Start by working under the square root (the discriminant):\[ b^2 - 4ac \]. For our example with \( b = -2 \), \( a = 2 \), and \( c = -1 \), it becomes: \( (-2)^2 - 4 \cdot 2 \cdot (-1) = 4 + 8 = 12 \).

Next, simplify the square root: \( \sqrt{12} \) simplifies to \( 2\sqrt{3} \). Finally, simplify the fraction step by step to get the final solution:

• Simplify the numerator: \( 2 \pm 2\sqrt{3} \)
• Factor out common terms if possible and simplify the fraction: \( \frac{2(1 \pm \sqrt{3})}{4} = \frac{1 \pm \sqrt{3}}{2} \)

Square roots are crucial in the quadratic formula as they often determine the solutions' complexity.

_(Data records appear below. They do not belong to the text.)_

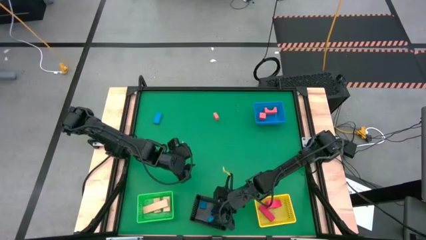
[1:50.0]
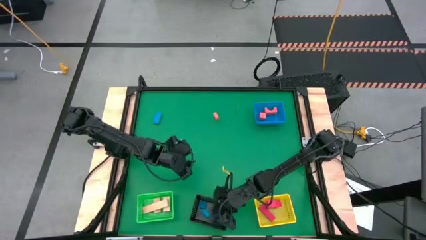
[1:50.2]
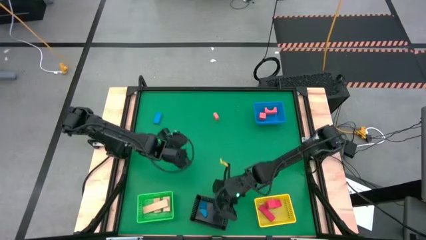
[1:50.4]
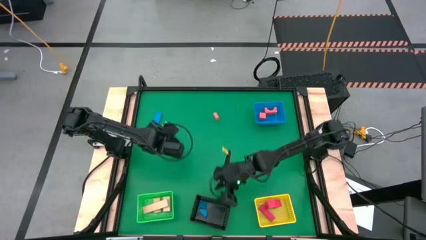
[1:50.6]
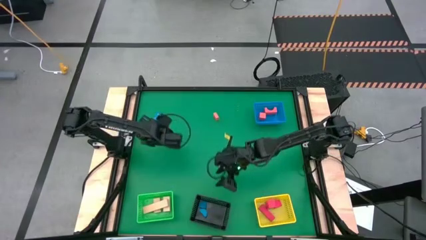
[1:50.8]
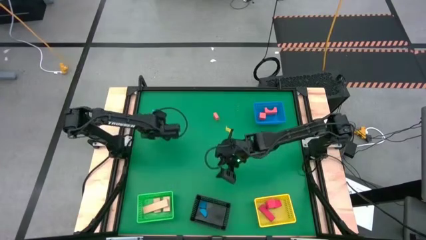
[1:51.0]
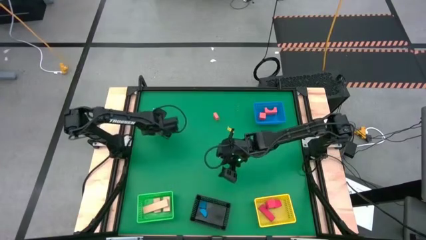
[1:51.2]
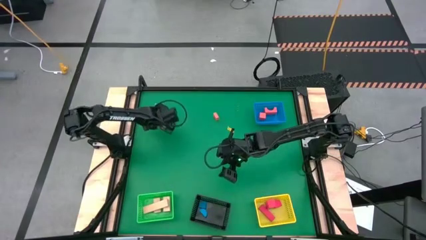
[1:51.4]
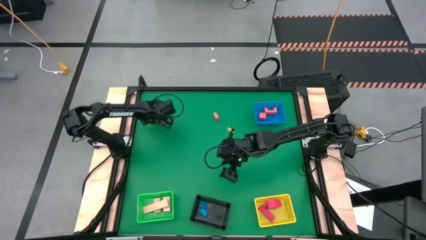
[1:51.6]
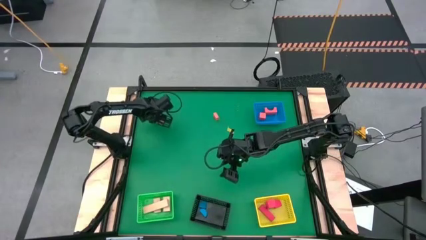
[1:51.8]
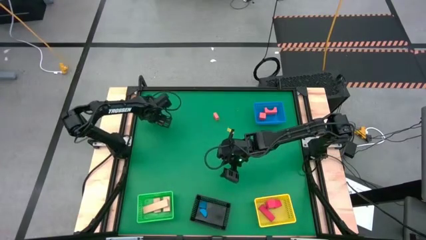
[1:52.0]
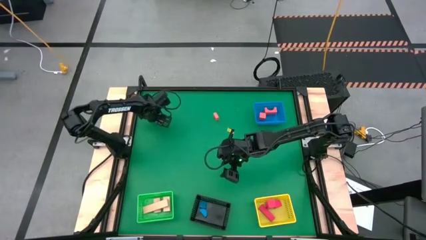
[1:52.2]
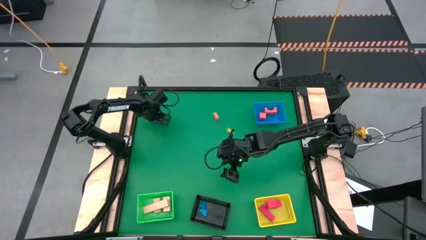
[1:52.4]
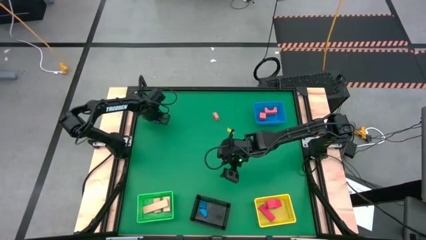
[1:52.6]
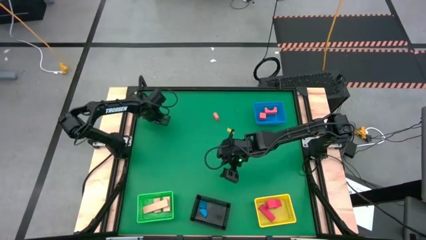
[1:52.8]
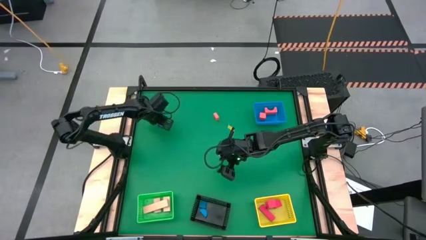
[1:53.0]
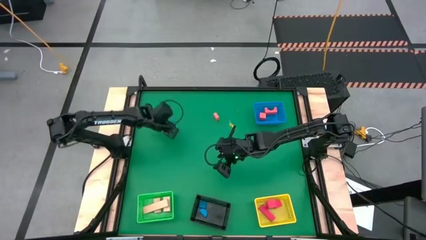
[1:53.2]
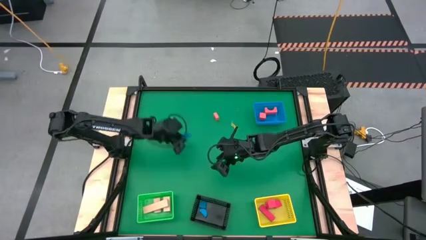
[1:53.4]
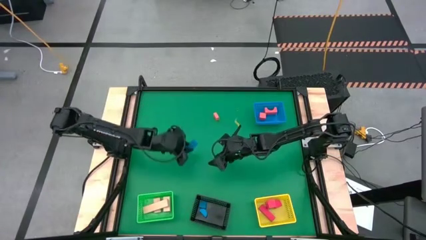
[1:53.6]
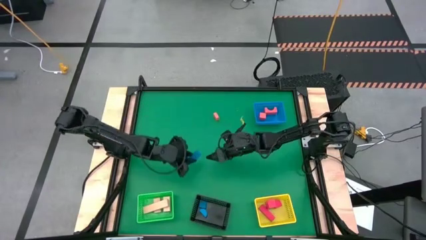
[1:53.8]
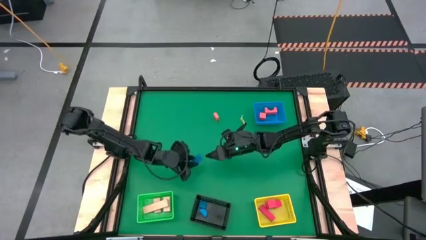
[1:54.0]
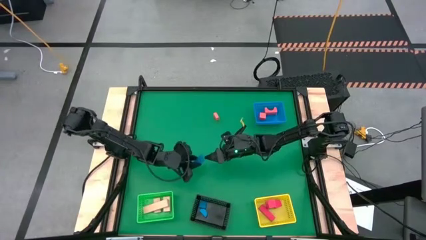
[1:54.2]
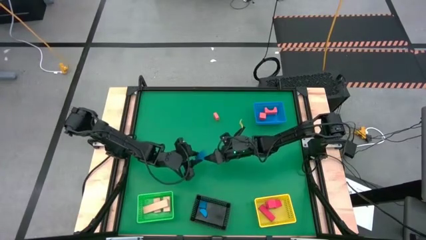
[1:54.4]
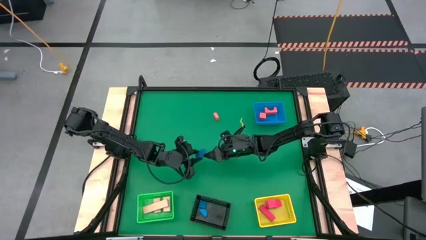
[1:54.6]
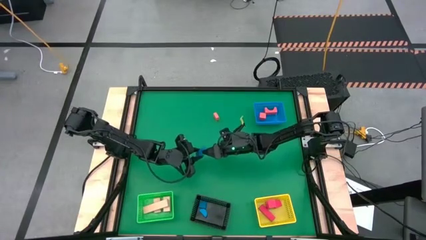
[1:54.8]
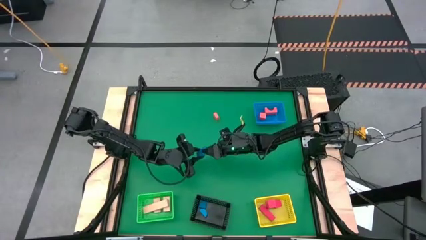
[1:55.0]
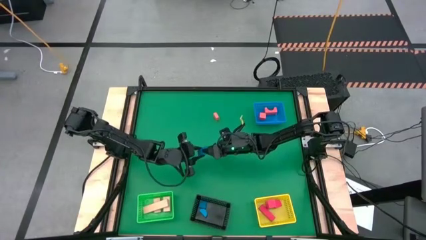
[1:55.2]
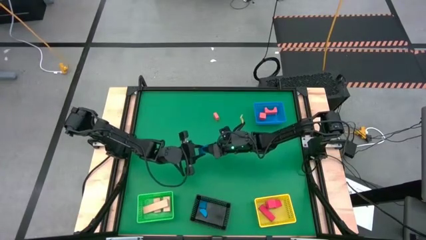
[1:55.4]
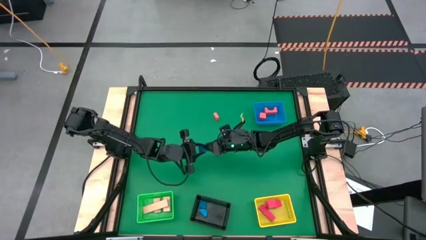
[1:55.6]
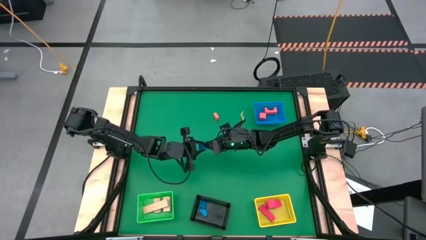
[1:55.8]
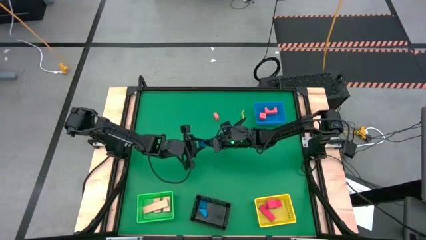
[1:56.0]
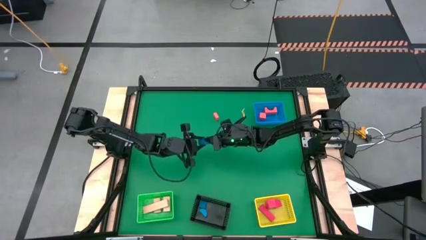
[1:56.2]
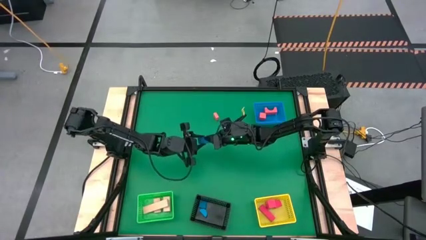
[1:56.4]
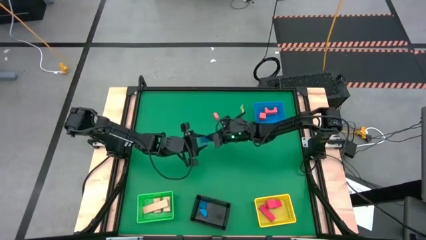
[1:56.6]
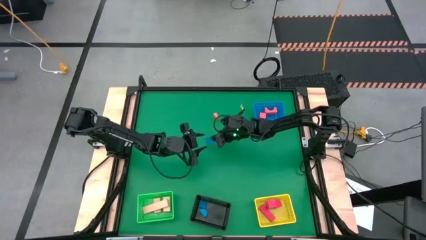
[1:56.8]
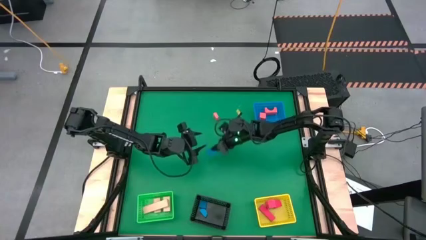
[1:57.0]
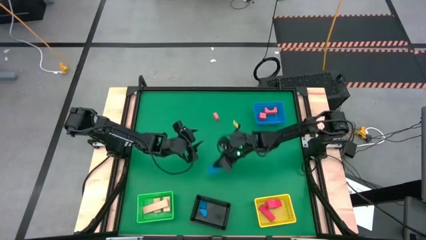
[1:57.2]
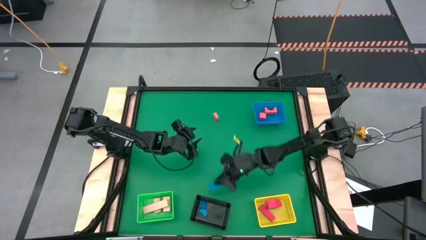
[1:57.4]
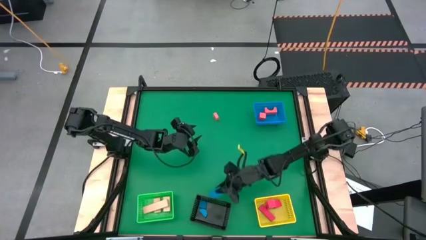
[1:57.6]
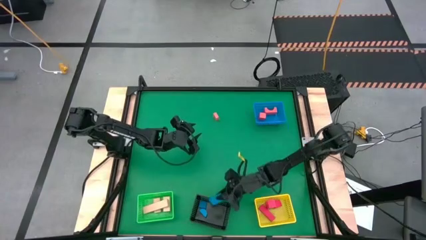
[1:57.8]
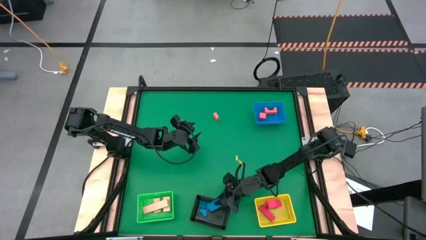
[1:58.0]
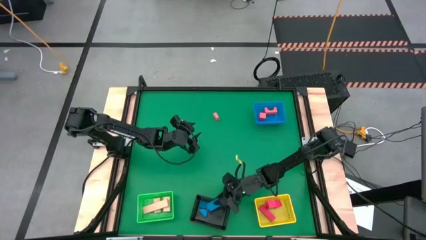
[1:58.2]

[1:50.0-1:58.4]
Task: Sort & place blocks by color
Put the blue block into the black bin

In the quadratic formula, you will encounter the term \( \sqrt{b^2 - 4ac} \), where \( b^2 - 4ac \) is the discriminant.

Simplifying square roots is essential. For instance, \( \sqrt{12} \) simplifies to \( 2\sqrt{3} \). This is because 12 can be factored into \( 4 \times 3 \), and since \( \sqrt{4} \) is 2, it evolves into \( 2\sqrt{3} \).

Simplifying square roots helps simplify the quadratic formula and obtain a clean final solution. The expressions become easier to handle, making it simpler to interpret the final solutions: \[ x = \frac{1 + \sqrt{3}}{2} \] and \[ x = \frac{1 - \sqrt{3}}{2} \].